= Phrynichus (oligarch) =

Athenian politician and general (died 411 BC)

Phrynichus (Ancient Greek: Φρύνιχος; died 411 BC) was an Athenian general (strategos) during the Peloponnesian War (431–404 BC), who supported the Athenian coup of 411 BC which briefly replaced the Athenian democracy with an oligarchy.

He was the son of Stratonides. In 412 BC, he was sent out with two others in command of a fleet of 40 ships to the coast of Asia Minor. The troops encamped in the territory of Miletus. A battle ensued in which the Athenians were victorious. A Peloponnesian fleet having arrived soon after, the colleagues of Phrynichus were for risking an engagement, from which Phrynichus (wisely, as Thucydides thinks) dissuaded them.

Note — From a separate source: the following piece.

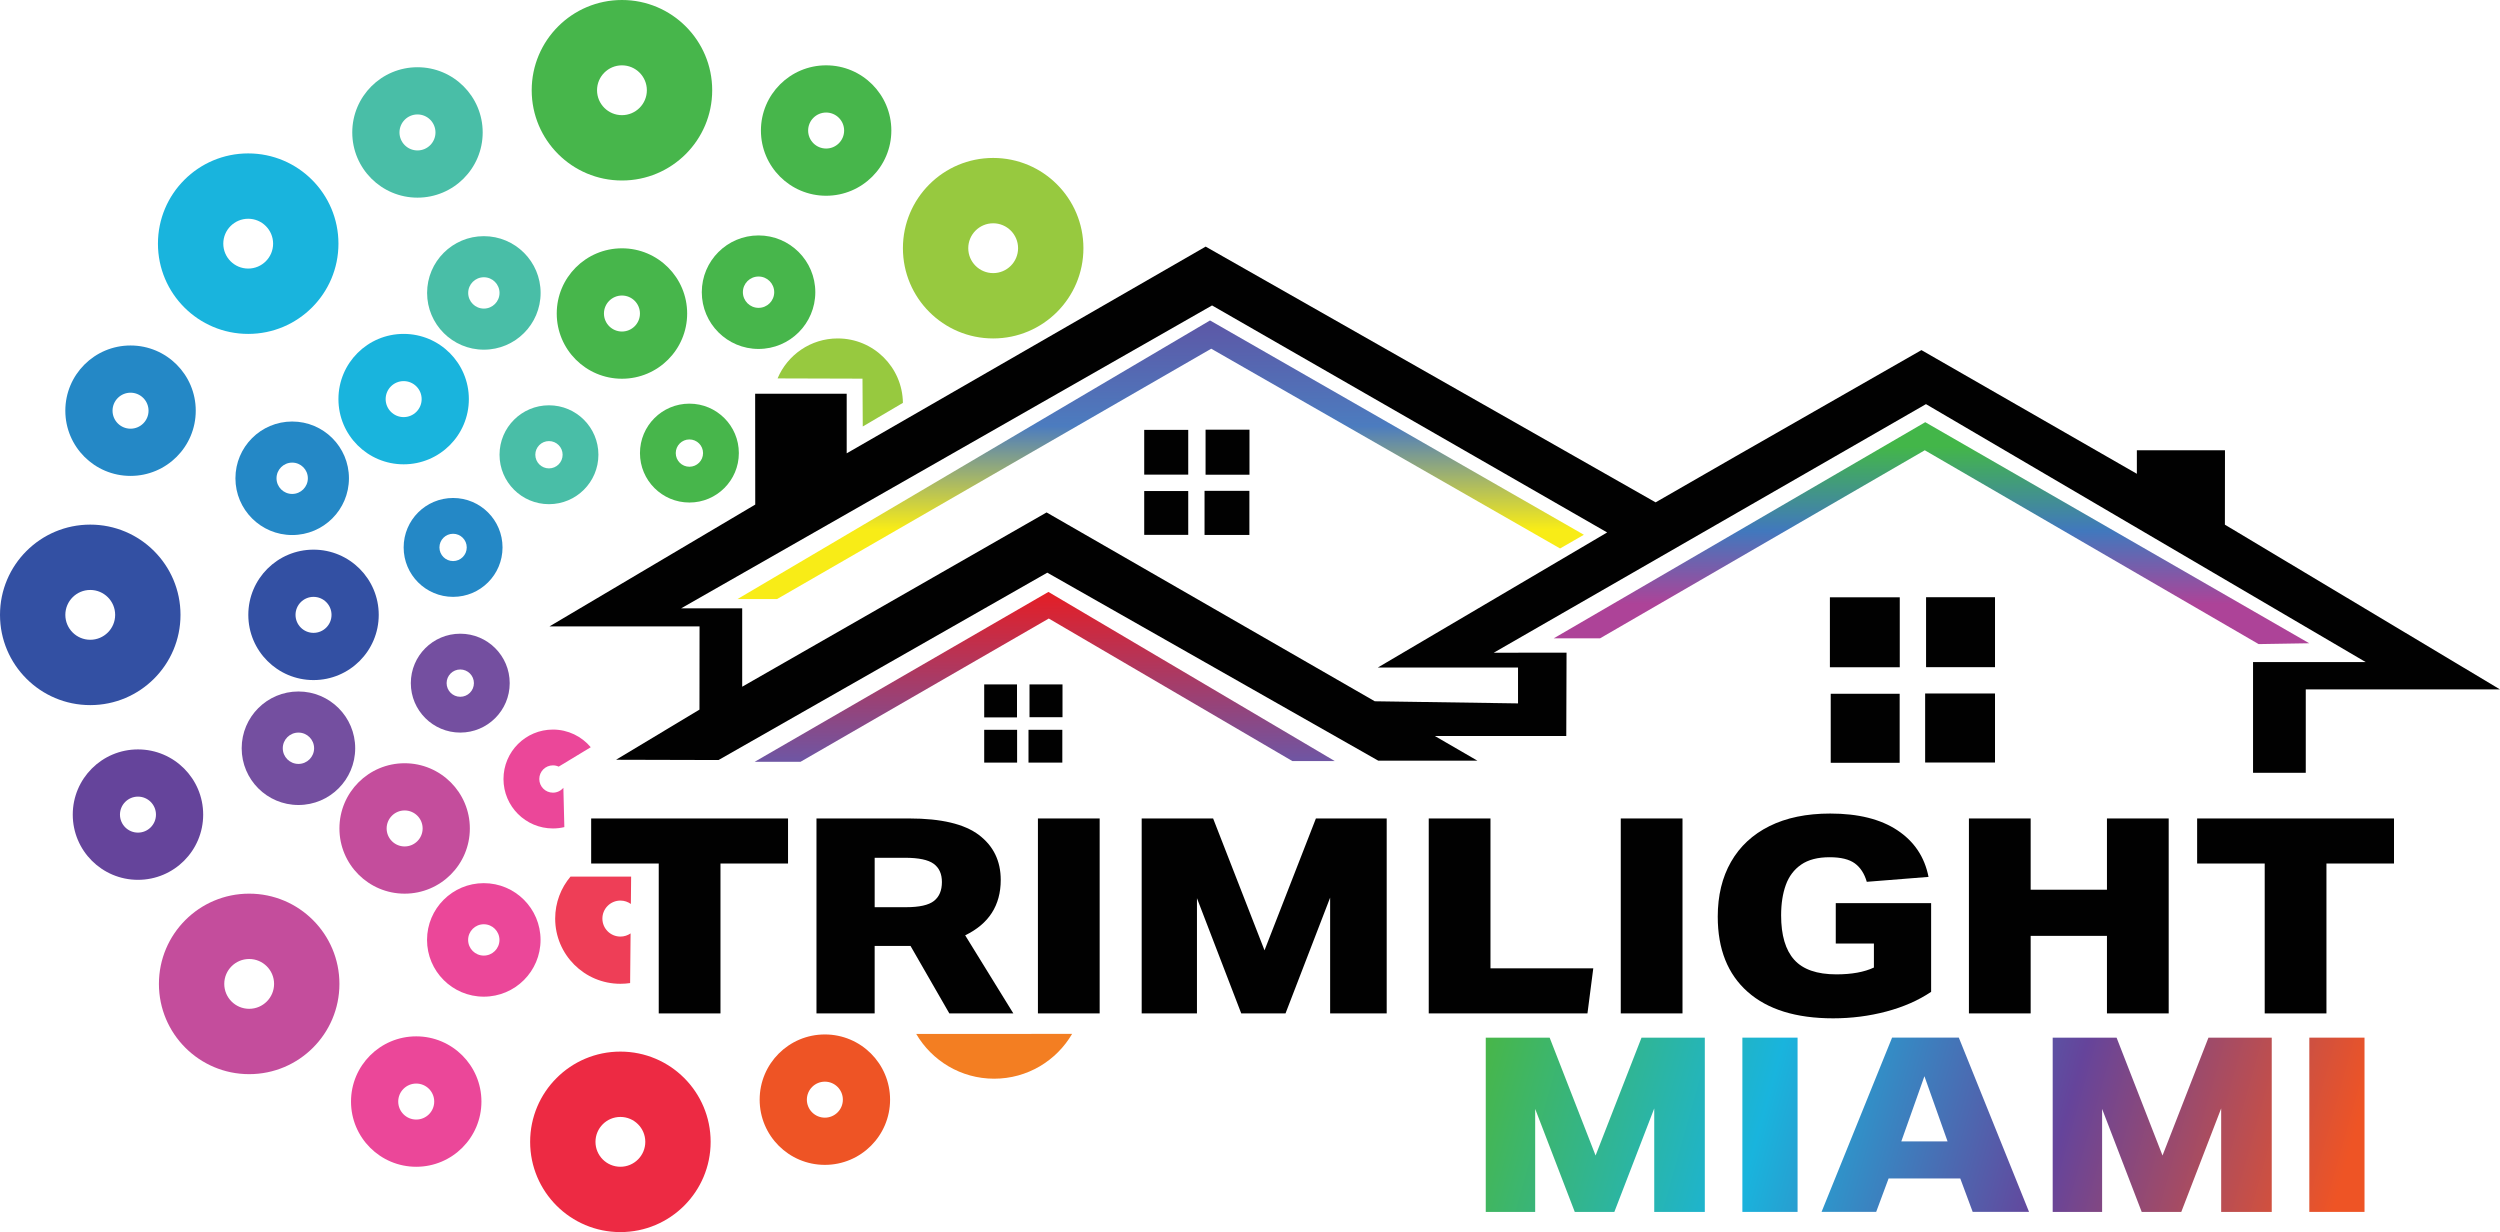 <?xml version="1.0" encoding="UTF-8"?><svg id="Layer_1" xmlns="http://www.w3.org/2000/svg" xmlns:xlink="http://www.w3.org/1999/xlink" viewBox="0 0 1972.02 971.89"><defs><style>.cls-1{fill:#47b64b;}.cls-2{fill:#eb4799;}.cls-3{fill:url(#linear-gradient-2);}.cls-4{fill:#19b4dd;}.cls-5{fill:#3350a3;}.cls-6{fill:#49bea7;}.cls-7{fill:url(#linear-gradient-4);}.cls-8{fill:url(#linear-gradient-3);}.cls-9{fill:url(#linear-gradient-5);}.cls-10{fill:#2488c6;}.cls-11{fill:url(#linear-gradient-8);}.cls-12{fill:#ed2a43;}.cls-13{fill:#f37e22;}.cls-14{fill:#c44d9c;}.cls-15{fill:url(#linear-gradient-7);}.cls-16{fill:url(#linear-gradient-6);}.cls-17{fill:#010101;}.cls-18{fill:#65449b;}.cls-19{fill:#97c93f;}.cls-20{fill:url(#linear-gradient);}.cls-21{fill:#ee5425;}.cls-22{fill:#ee3e57;}.cls-23{fill:#744fa0;}</style><linearGradient id="linear-gradient" x1="1523.54" y1="305.85" x2="1523.54" y2="130.8" gradientTransform="translate(0 638.88) scale(1 -1)" gradientUnits="userSpaceOnUse"><stop offset=".11" stop-color="#43b649"/><stop offset=".49" stop-color="#4178bd"/><stop offset=".82" stop-color="#ad4398"/></linearGradient><linearGradient id="linear-gradient-2" x1="915.55" y1="386.11" x2="915.55" y2="166.33" gradientTransform="translate(0 638.88) scale(1 -1)" gradientUnits="userSpaceOnUse"><stop offset="0" stop-color="#5d57a6"/><stop offset=".38" stop-color="#4c7cbf"/><stop offset=".75" stop-color="#f8ec17"/></linearGradient><linearGradient id="linear-gradient-3" x1="824.08" y1="171.95" x2="824.08" y2="37.98" gradientTransform="translate(0 638.88) scale(1 -1)" gradientUnits="userSpaceOnUse"><stop offset="0" stop-color="#e51e25"/><stop offset="1" stop-color="#6e56a4"/></linearGradient><linearGradient id="linear-gradient-4" x1="1164.03" y1="860.69" x2="1815.63" y2="1043.95" gradientUnits="userSpaceOnUse"><stop offset="0" stop-color="#47b64b"/><stop offset=".33" stop-color="#19b4dd"/><stop offset=".67" stop-color="#65449b"/><stop offset="1" stop-color="#ee5425"/></linearGradient><linearGradient id="linear-gradient-5" x1="1174.13" y1="824.78" x2="1825.73" y2="1008.04" xlink:href="#linear-gradient-4"/><linearGradient id="linear-gradient-6" x1="1181.08" y1="800.06" x2="1832.68" y2="983.33" xlink:href="#linear-gradient-4"/><linearGradient id="linear-gradient-7" x1="1196.81" y1="744.13" x2="1848.41" y2="927.39" xlink:href="#linear-gradient-4"/><linearGradient id="linear-gradient-8" x1="1206.91" y1="708.22" x2="1858.51" y2="891.48" xlink:href="#linear-gradient-4"/></defs><path class="cls-14" d="M196.55,847.3c39.32,0,71.19-31.87,71.19-71.19s-31.87-71.19-71.19-71.19-71.19,31.87-71.19,71.19,31.87,71.19,71.19,71.19ZM196.55,756.46c10.85,0,19.65,8.8,19.65,19.65s-8.8,19.65-19.65,19.65-19.65-8.8-19.65-19.65,8.8-19.65,19.65-19.65Z"/><path class="cls-12" d="M489.37,971.89c39.32,0,71.19-31.87,71.19-71.19s-31.87-71.19-71.19-71.19-71.19,31.87-71.19,71.19,31.87,71.19,71.19,71.19ZM489.37,881.05c10.85,0,19.65,8.8,19.65,19.65s-8.8,19.65-19.65,19.65c-10.85,0-19.65-8.8-19.65-19.65s8.8-19.65,19.65-19.65Z"/><path class="cls-14" d="M319.18,704.93c28.41,0,51.44-23.03,51.44-51.44,0-28.41-23.03-51.44-51.44-51.44-28.41,0-51.44,23.03-51.44,51.44s23.03,51.44,51.44,51.44ZM319.18,639.29c7.84,0,14.2,6.36,14.2,14.2s-6.36,14.2-14.2,14.2-14.2-6.36-14.2-14.2,6.36-14.2,14.2-14.2Z"/><path class="cls-2" d="M328.32,920.36c28.41,0,51.44-23.03,51.44-51.44s-23.03-51.44-51.44-51.44c-28.41,0-51.44,23.03-51.44,51.44s23.03,51.44,51.44,51.44ZM328.32,854.72c7.84,0,14.2,6.36,14.2,14.2,0,7.84-6.36,14.2-14.2,14.2s-14.2-6.36-14.2-14.2,6.36-14.2,14.2-14.2Z"/><path class="cls-18" d="M108.83,694.02c28.41,0,51.44-23.03,51.44-51.44s-23.03-51.44-51.44-51.44-51.44,23.03-51.44,51.44,23.03,51.44,51.44,51.44ZM108.83,628.38c7.84,0,14.2,6.36,14.2,14.2s-6.36,14.2-14.2,14.2-14.2-6.36-14.2-14.2c0-7.84,6.36-14.2,14.2-14.2Z"/><path class="cls-23" d="M235.41,634.99c24.72,0,44.77-20.04,44.77-44.77s-20.04-44.77-44.77-44.77c-24.72,0-44.77,20.04-44.77,44.77s20.04,44.77,44.77,44.77ZM235.41,577.87c6.83,0,12.36,5.53,12.36,12.36,0,6.83-5.53,12.36-12.36,12.36-6.83,0-12.36-5.53-12.36-12.36,0-6.83,5.53-12.36,12.36-12.36Z"/><path class="cls-2" d="M381.62,786.18c24.72,0,44.77-20.04,44.77-44.77s-20.04-44.77-44.77-44.77-44.77,20.04-44.77,44.77,20.04,44.77,44.77,44.77ZM381.62,729.06c6.83,0,12.36,5.53,12.36,12.36s-5.53,12.36-12.36,12.36-12.36-5.53-12.36-12.36,5.53-12.36,12.36-12.36Z"/><path class="cls-23" d="M363.06,577.87c21.54,0,39-17.46,39-39s-17.46-39-39-39-39,17.46-39,39,17.46,39,39,39ZM363.06,528.09c5.95,0,10.77,4.82,10.77,10.77s-4.82,10.77-10.77,10.77c-5.95,0-10.77-4.82-10.77-10.77s4.82-10.77,10.77-10.77Z"/><path class="cls-21" d="M702.1,867.42c0-28.41-23.03-51.44-51.44-51.44s-51.44,23.03-51.44,51.44,23.03,51.44,51.44,51.44c28.41,0,51.44-23.03,51.44-51.44ZM636.46,867.42c0-7.84,6.36-14.2,14.2-14.2s14.2,6.36,14.2,14.2c0,7.84-6.36,14.2-14.2,14.2-7.84,0-14.2-6.36-14.2-14.2Z"/><g id="full_group"><path class="cls-4" d="M124.59,192.2c0,39.32,31.87,71.19,71.19,71.19s71.19-31.87,71.19-71.19-31.87-71.19-71.19-71.19-71.19,31.87-71.19,71.19ZM215.43,192.2c0,10.85-8.8,19.65-19.65,19.65s-19.65-8.8-19.65-19.65,8.8-19.65,19.65-19.65,19.65,8.8,19.65,19.65Z"/><path class="cls-5" d="M0,485.01c0,39.32,31.87,71.19,71.19,71.19,39.32,0,71.19-31.87,71.19-71.19s-31.87-71.19-71.19-71.19S0,445.7,0,485.01ZM90.84,485.01c0,10.85-8.8,19.65-19.65,19.65s-19.65-8.8-19.65-19.65,8.8-19.65,19.65-19.65,19.65,8.8,19.65,19.65Z"/><path class="cls-5" d="M195.87,485.01c0,28.41,23.03,51.44,51.44,51.44s51.44-23.03,51.44-51.44-23.03-51.44-51.44-51.44-51.44,23.03-51.44,51.44ZM261.51,485.01c0,7.84-6.36,14.2-14.2,14.2s-14.2-6.36-14.2-14.2,6.36-14.2,14.2-14.2,14.2,6.36,14.2,14.2Z"/><path class="cls-4" d="M266.96,314.82c0,28.41,23.03,51.44,51.44,51.44s51.44-23.03,51.44-51.44-23.03-51.44-51.44-51.44-51.44,23.03-51.44,51.44ZM332.6,314.82c0,7.84-6.36,14.2-14.2,14.2-7.84,0-14.2-6.36-14.2-14.2s6.36-14.2,14.2-14.2,14.2,6.36,14.2,14.2Z"/><path class="cls-10" d="M51.53,323.96c0,28.41,23.03,51.44,51.44,51.44s51.44-23.03,51.44-51.44c0-28.41-23.03-51.44-51.44-51.44-28.41,0-51.44,23.03-51.44,51.44ZM117.17,323.96c0,7.84-6.36,14.2-14.2,14.2s-14.2-6.36-14.2-14.2,6.36-14.2,14.2-14.2,14.2,6.36,14.2,14.2Z"/><path class="cls-6" d="M277.87,104.47c0,28.41,23.03,51.44,51.44,51.44s51.44-23.03,51.44-51.44-23.03-51.44-51.44-51.44c-28.41,0-51.44,23.03-51.44,51.44ZM343.51,104.47c0,7.84-6.36,14.2-14.2,14.2s-14.2-6.36-14.2-14.2,6.36-14.2,14.2-14.2,14.2,6.36,14.2,14.2Z"/><path class="cls-6" d="M336.9,231.06c0,24.72,20.04,44.77,44.77,44.77s44.77-20.04,44.77-44.77-20.04-44.77-44.77-44.77c-24.72,0-44.77,20.04-44.77,44.77ZM394.03,231.06c0,6.83-5.53,12.36-12.36,12.36-6.83,0-12.36-5.53-12.36-12.36s5.53-12.36,12.36-12.36,12.36,5.53,12.36,12.36Z"/><path class="cls-10" d="M185.71,377.27c0,24.72,20.04,44.77,44.77,44.77s44.77-20.04,44.77-44.77-20.04-44.77-44.77-44.77-44.77,20.04-44.77,44.77ZM242.84,377.27c0,6.83-5.53,12.36-12.36,12.36-6.83,0-12.36-5.53-12.36-12.36,0-6.83,5.53-12.36,12.36-12.36s12.36,5.53,12.36,12.36Z"/><path class="cls-10" d="M318.4,431.81c0,21.54,17.46,39,39,39s39-17.46,39-39-17.46-39-39-39-39,17.46-39,39ZM368.17,431.81c0,5.95-4.82,10.77-10.77,10.77s-10.77-4.82-10.77-10.77,4.82-10.77,10.77-10.77,10.77,4.82,10.77,10.77Z"/><path class="cls-6" d="M394.03,358.7c0,21.54,17.46,39,39,39s39-17.46,39-39-17.46-39-39-39c-21.54,0-39,17.46-39,39ZM443.8,358.7c0,5.95-4.82,10.77-10.77,10.77s-10.77-4.82-10.77-10.77,4.82-10.77,10.77-10.77,10.77,4.82,10.77,10.77Z"/></g><path class="cls-19" d="M783.42,124.59c-39.32,0-71.19,31.87-71.19,71.19s31.87,71.19,71.19,71.19c39.32,0,71.19-31.87,71.19-71.19s-31.87-71.19-71.19-71.19ZM783.42,215.43c-10.85,0-19.65-8.8-19.65-19.65s8.8-19.65,19.65-19.65,19.65,8.8,19.65,19.65-8.8,19.65-19.65,19.65Z"/><path class="cls-1" d="M490.6,0c-39.32,0-71.19,31.87-71.19,71.19s31.87,71.19,71.19,71.19c39.32,0,71.19-31.87,71.19-71.19S529.92,0,490.6,0ZM490.6,90.84c-10.85,0-19.65-8.8-19.65-19.65s8.8-19.65,19.65-19.65,19.65,8.8,19.65,19.65c0,10.85-8.8,19.65-19.65,19.65Z"/><path class="cls-1" d="M490.6,195.87c-28.41,0-51.44,23.03-51.44,51.44s23.03,51.44,51.44,51.44,51.44-23.03,51.44-51.44-23.03-51.44-51.44-51.44ZM490.6,261.51c-7.84,0-14.2-6.36-14.2-14.2s6.36-14.2,14.2-14.2c7.84,0,14.2,6.36,14.2,14.2s-6.36,14.2-14.2,14.2Z"/><path class="cls-1" d="M651.66,51.53c-28.41,0-51.44,23.03-51.44,51.44s23.03,51.44,51.44,51.44,51.44-23.03,51.44-51.44-23.03-51.44-51.44-51.44ZM651.66,117.17c-7.84,0-14.2-6.36-14.2-14.2s6.36-14.2,14.2-14.2,14.2,6.36,14.2,14.2c0,7.84-6.36,14.2-14.2,14.2Z"/><path class="cls-1" d="M598.35,185.71c-24.72,0-44.77,20.04-44.77,44.77s20.04,44.77,44.77,44.77c24.72,0,44.77-20.04,44.77-44.77s-20.04-44.77-44.77-44.77ZM598.35,242.84c-6.83,0-12.36-5.53-12.36-12.36s5.53-12.36,12.36-12.36,12.36,5.53,12.36,12.36-5.53,12.36-12.36,12.36Z"/><path class="cls-1" d="M543.81,318.4c-21.54,0-39,17.46-39,39s17.46,39,39,39c21.54,0,39-17.46,39-39s-17.46-39-39-39ZM543.81,368.17c-5.95,0-10.77-4.82-10.77-10.77s4.82-10.77,10.77-10.77,10.77,4.82,10.77,10.77-4.82,10.77-10.77,10.77Z"/><path class="cls-2" d="M436.16,625.26c-5.95,0-10.77-4.82-10.77-10.77s4.82-10.77,10.77-10.77c1.62,0,3.16.36,4.53,1.01l25.3-15.32c-7.15-8.5-17.85-13.92-29.84-13.92-21.54,0-39,17.46-39,39s17.46,39,39,39c3.1,0,6.11-.37,9.01-1.06l-.77-31.01c-1.98,2.34-4.93,3.84-8.23,3.84Z"/><path class="cls-19" d="M680.34,298.69l.21,37.74,31.67-18.64c-.33-28.13-23.22-50.83-51.42-50.83-21.35,0-39.66,13.01-47.44,31.53l66.98.2Z"/><path class="cls-13" d="M722.71,815.57c12.35,21.12,35.25,35.32,61.48,35.32s49.16-14.21,61.5-35.35l-122.98.04Z"/><path class="cls-22" d="M497.42,736.27c-2.29,1.58-5.06,2.51-8.05,2.51-7.84,0-14.2-6.36-14.2-14.2s6.36-14.2,14.2-14.2c3.09,0,5.94,1,8.27,2.67l.2-21.59h-47.82c-7.54,8.95-12.09,20.5-12.09,33.12,0,28.41,23.03,51.44,51.44,51.44,2.61,0,5.18-.2,7.68-.57l.37-39.17Z"/><path class="cls-17" d="M1443.44,471.16h55.11v55.18h-55.11v-55.18Z"/><path class="cls-17" d="M1518.57,547.03h55.11v54.45h-55.11v-54.45Z"/><path class="cls-17" d="M1519.3,471.09h54.38v55.18h-54.38v-55.18Z"/><path class="cls-17" d="M1498.47,601.7h-54.38v-54.45h54.38v54.45Z"/><path class="cls-17" d="M811.29,601.55v-25.87h26.68v25.87h-26.68Z"/><path class="cls-17" d="M802.3,575.68v25.87h-25.95v-25.87h25.95Z"/><path class="cls-17" d="M838.11,539.87v25.87h-26.02v-25.87h26.02Z"/><path class="cls-17" d="M802.22,565.89h-25.87v-26.02h25.87v26.02Z"/><path class="cls-17" d="M950.96,338.94h34.64v35.52h-34.64v-35.52Z"/><path class="cls-17" d="M902.57,374.39v-35.3h34.72v35.3h-34.72Z"/><path class="cls-17" d="M985.53,421.97h-35.38v-34.79h35.38v34.79Z"/><path class="cls-17" d="M902.57,421.9v-34.57h34.72v34.57h-34.72Z"/><path class="cls-17" d="M485.96,599.29l65.78-39.54s.07-43.27.07-65.63h-118.4l162.33-96.11-.07-87.42h72.21v47l283.15-163.06,354.92,201.73,62.93-36.18,146.76-83.91,169.93,97.57v-18.56h69.51l-.07,58.69,217,129.95h-153.2v65.78h-41.59v-87.34h88.88l-346.88-203.48-340.96,196.1,57.45-.07-.22,65.78h-103.64l33.55,19.44h-78.21l-261.08-148.3-259.32,147.79-80.84-.22ZM1086.83,526.56l180.9-106.56-311.65-179.07-418.8,238.93h48.17v61.83l240.1-137.48,258.88,148.96,113,1.68v-28.29h-110.58Z"/><polygon class="cls-20" points="1225.56 503.54 1262.1 503.54 1518.28 355.17 1781.62 508.07 1821.53 507.41 1518.65 333.02 1225.56 503.54"/><polygon class="cls-3" points="1249.38 421.83 1230.6 432.64 955.42 275.06 612.92 472.55 581.71 472.55 954.47 252.77 1249.38 421.83"/><polygon class="cls-8" points="595.31 600.9 631.48 600.9 827.29 487.9 1019.37 600.31 1052.85 600.31 827 466.92 595.31 600.9"/><path class="cls-17" d="M519.61,681.15h-53.29v-35.54h155.29v35.54h-53.29v118.24h-48.7v-118.24Z"/><path class="cls-17" d="M644.05,645.61h73.18c25.16,0,43.48,4.34,54.95,13.03,11.47,8.69,17.21,20.5,17.21,35.43,0,20.1-9.35,34.67-28.05,43.72l37.99,61.59h-50.49l-30.6-53.2h-28.3v53.2h-45.9v-153.77ZM742.99,695.79c0-6.46-2.17-11.27-6.5-14.43-4.33-3.16-11.86-4.74-22.57-4.74h-23.97v38.98h24.73c10.54,0,17.89-1.65,22.06-4.95,4.16-3.3,6.25-8.25,6.25-14.86Z"/><path class="cls-17" d="M818.72,645.61h48.7v153.77h-48.7v-153.77Z"/><path class="cls-17" d="M900.57,645.61h56.35l40.54,104.02,40.54-104.02h55.84v153.77h-44.62v-91.32l-35.19,91.32h-34.93l-34.93-90.88v90.88h-43.6v-153.77Z"/><path class="cls-17" d="M1127,645.61h48.7v118.24h81.09l-4.59,35.54h-125.2v-153.77Z"/><path class="cls-17" d="M1278.47,645.61h48.7v153.77h-48.7v-153.77Z"/><path class="cls-17" d="M1354.97,723.14c0-16.65,3.48-31.08,10.46-43.29,6.97-12.2,17.08-21.61,30.34-28.21,13.26-6.6,29.24-9.91,47.94-9.91,22.1,0,39.78,4.42,53.04,13.25s21.42,21.07,24.48,36.72l-48.7,3.88c-1.87-6.46-5.02-11.31-9.43-14.54-4.42-3.23-11.05-4.85-19.89-4.85-9.35,0-16.83,1.94-22.44,5.82-5.61,3.88-9.65,9.23-12.11,16.04-2.47,6.82-3.7,14.83-3.7,24.01,0,15.65,3.44,27.32,10.33,35,6.88,7.68,17.98,11.52,33.28,11.52,12.07,0,21.93-1.79,29.58-5.38v-18.95h-30.09v-31.88h75.22v70c-10.03,6.75-21.8,11.92-35.32,15.51-13.51,3.59-27.5,5.38-41.95,5.38-29.24,0-51.72-6.96-67.45-20.89-15.73-13.92-23.59-33.67-23.59-59.23Z"/><path class="cls-17" d="M1661.98,738.22h-60.18v61.16h-48.7v-153.77h48.7v56.21h60.18v-56.21h48.7v153.77h-48.7v-61.16Z"/><path class="cls-17" d="M1786.41,681.15h-53.29v-35.54h155.29v35.54h-53.29v118.24h-48.7v-118.24Z"/><path class="cls-7" d="M1172,818.5h50.37l36.24,92.98,36.24-92.98h49.92v137.46h-39.89v-81.63l-31.46,81.63h-31.23l-31.23-81.24v81.24h-38.98v-137.46Z"/><path class="cls-9" d="M1374.4,818.5h43.54v137.46h-43.54v-137.46Z"/><path class="cls-16" d="M1546.27,929.58h-56.53l-9.8,26.37h-43.08l55.62-137.46h52.65l55.39,137.46h-44.45l-9.8-26.37ZM1518,848.92l-18.23,51.4h36.47l-18.24-51.4Z"/><path class="cls-15" d="M1619.2,818.5h50.37l36.24,92.98,36.24-92.98h49.92v137.46h-39.89v-81.63l-31.46,81.63h-31.23l-31.23-81.24v81.24h-38.98v-137.46Z"/><path class="cls-11" d="M1821.61,818.5h43.54v137.46h-43.54v-137.46Z"/></svg>

In 411 BC, proposals were made to the Athenians at the island of Samos on behalf of Alcibiades (an Athenian). He offered to secure Persian aid for them if an oligarchy was established instead of a democracy. Phrynichus again offered some sagacious advice, pointing out the dangers of such a course. He expressed his belief that Alcibiades was not at heart more friendly to an oligarchy than to a democracy. Phrynichus also had doubts as to whether Alcibiades had the ability to deliver on his promises. Peisander and the other members of the Athenian oligarchic faction, however, ignored his advice, and sent a deputation to Athens. Phrynichus, fearing for his safety in case Alcibiades should be restored, sent a letter to Astyochus (a Spartan), informing him of Alcibiades' machinations. Astyochus betrayed Phrynichus by passing on the communication to Tissaphernes (a Persian) and to Alcibiades. The latter complained to his Athenian friends about what he regarded as the treason of Phrynichus, and demanded that he should be put to death.

The 19th-century historian Connop Thirlwall could not decide whether Phrynichus' conduct was the result of a complete lack of caution, or a bold and subtle artifice. Phrynichus wrote again to Astyochus, offering to betray the Athenian armament into his hands. Once more Astyochus showed Phrynichus' letter to Alcibiades, who laid a fresh charge against Phrynichus. In the meantime, Phrynichus warned the Athenians that the enemy were preparing to surprise their encampment. He argued that the Alcibiades' charges against Phrynichus were groundless, and were based on personal enmity. Soon afterwards Peisander, wishing to get Phrynichus out of the way, procured his recall.

Subsequently, when the oligarchic faction found that the hopes held out to them by Alcibiades were groundless, and that they could get on better without him than with him, Phrynichus again joined them, and, in conjunction with Antiphon, Peisander, and Theramenes, took a prominent part in the revolution which led to the establishment of the oligarchy of the Four Hundred.

When considering how to respond to the meeting between Alcibiades and the Athenians at Samos, Theramenes and others counselled the oligarchs to make the best terms they could with their antagonists. However, Phrynichus was one of the foremost in opposing anything of that kind, and with Antiphon and ten others was sent to Sparta to negotiate a peace. On his return he was assassinated in the agora by a young Athenian, who was assisted by an Argive. The former escaped, but the latter was seized and tortured. It appeared that the assassination was the result of a conspiracy among those opposed to the oligarchs, but the latter decided that it was most prudent not to pursue the investigation. Lycurgus gives a different account of his assassination.